The R Execute Operator is a batch operator.
  • You cannot interactively run an R command or function, see what the interpreter generates, and then have the state of the session stored in memory in order to perform the next experiment. In this sense, the R Execute operator differs from an R session in an R shell/interpreter/REPL (read-evaluate-print loop) or the RStudio IDE.
  • Note that if you run an R script that expects interactive user input, the operator hangs, because R waits for user input. Any function that is interactive must not be used in the script to be run by R Execute. This includes the interactive mode of install.packages, which requires you to interactively specify the repository from which to get the package. In case of install.packages, this can be avoided by specifying the repository explicitly - this prevents R from waiting for interactive user input.
    install.packages(pkgs = c('dplyr'),
    repos = c('http://cran.cnr.berkeley.edu/'))
  • If you inadvertently include an interactive function in the code, the operator hangs as described above, but the flow can be stopped with the Stop link in the Team Studio user interface, which stops the entire workflow. If you expect the result to return quickly, but the operator is stuck for a very long time, stop the flow and check for interactive user code.
  • You must write valid R code and see the results of its execution in the console output and the resulting data frame.
  • Try the R code on a very small input dataset first to test the logic.
  • Writing code incrementally, not creating an output data frame (see below), and printing to the console means you can debug the code quickly, unless it has already been debugged in RStudio.
  • You can visualize the console output in Team Studio; however, Team Studio does not allow you to visualize plots using R code. For plot visualization, Team Studio users should pass the output from the R Execute operator to a subsequent operator, or link with Spotfire or Tableau. R Execute generates helpful messages to identify issues, including R code syntax errors, data type mismatches, and so on. See R Execute error messages for more information.

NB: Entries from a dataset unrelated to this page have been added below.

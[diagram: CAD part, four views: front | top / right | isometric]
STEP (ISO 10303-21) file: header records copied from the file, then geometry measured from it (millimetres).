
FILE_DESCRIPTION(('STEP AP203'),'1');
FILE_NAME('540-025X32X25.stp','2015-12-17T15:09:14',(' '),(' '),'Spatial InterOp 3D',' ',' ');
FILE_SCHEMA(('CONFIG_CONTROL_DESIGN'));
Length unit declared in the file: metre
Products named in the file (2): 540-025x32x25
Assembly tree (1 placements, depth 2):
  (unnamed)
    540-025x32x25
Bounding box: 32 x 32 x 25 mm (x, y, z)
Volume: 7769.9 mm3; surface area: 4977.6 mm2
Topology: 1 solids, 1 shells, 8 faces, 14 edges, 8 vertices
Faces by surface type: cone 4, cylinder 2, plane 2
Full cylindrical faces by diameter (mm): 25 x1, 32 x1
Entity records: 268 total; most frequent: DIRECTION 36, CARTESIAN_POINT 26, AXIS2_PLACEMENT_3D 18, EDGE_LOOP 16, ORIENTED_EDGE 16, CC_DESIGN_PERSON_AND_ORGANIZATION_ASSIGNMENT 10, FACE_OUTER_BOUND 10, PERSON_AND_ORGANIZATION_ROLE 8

Clean your data before you run the R Execute operator. By design, the R Execute operator does not do any data cleaning; it uses the specified data as is. If you know that your data is not clean (for example, the header is included in the data, there are missing or incorrect values, and so on), use other Team Studio operators or R commands to clean your data.

The Team Studio product can be extended for use with the R language and environment for statistical computing and graphics (see https://www.r-project.org/) through use of the R Connector for Team Studio (the "R Connector"), which is subject to free open-source software license terms and is available on GitHub.

The R Connector is not part of the Team Studio product and therefore not within the scope of your license for the product. Accordingly, the R Connector is not covered by the terms of your agreement with the Team Studio product, including any terms concerning support, maintenance, or warranties. Download and use of the R Connector is solely at your own discretion and subject to the free open-source license terms applicable to R Connector.

Similarly, the R language and environment for statistical computing and graphics and related packages (the "R Engine and R Packages") are not within the scope of your license for the product. Accordingly, the R Engine and R Packages are not covered by the terms of your agreement with the Team Studio product, including any terms concerning support, maintenance, or warranties. Download and use of any R Engine or R Packages are solely at your own discretion and subject to the free open-source license terms applicable to the same. TIBCO bears no responsibility for the accuracy of R algorithms, bugs in R Packages, the stability of the R Engine, the logic of the user's R code, or the license implications of R itself. Please note that the R Engine is licensed under GNU General Public License (GPL), versions 2 and 3. R Packages are licensed under various licenses, including, but not limited to, GPL, Affero GPL (AGPL), BSD 2-clause and 3-clause licenses, the Artistic License, and the MIT license (see here for details). If you have any questions about such open source licenses, consult a software license lawyer for advice.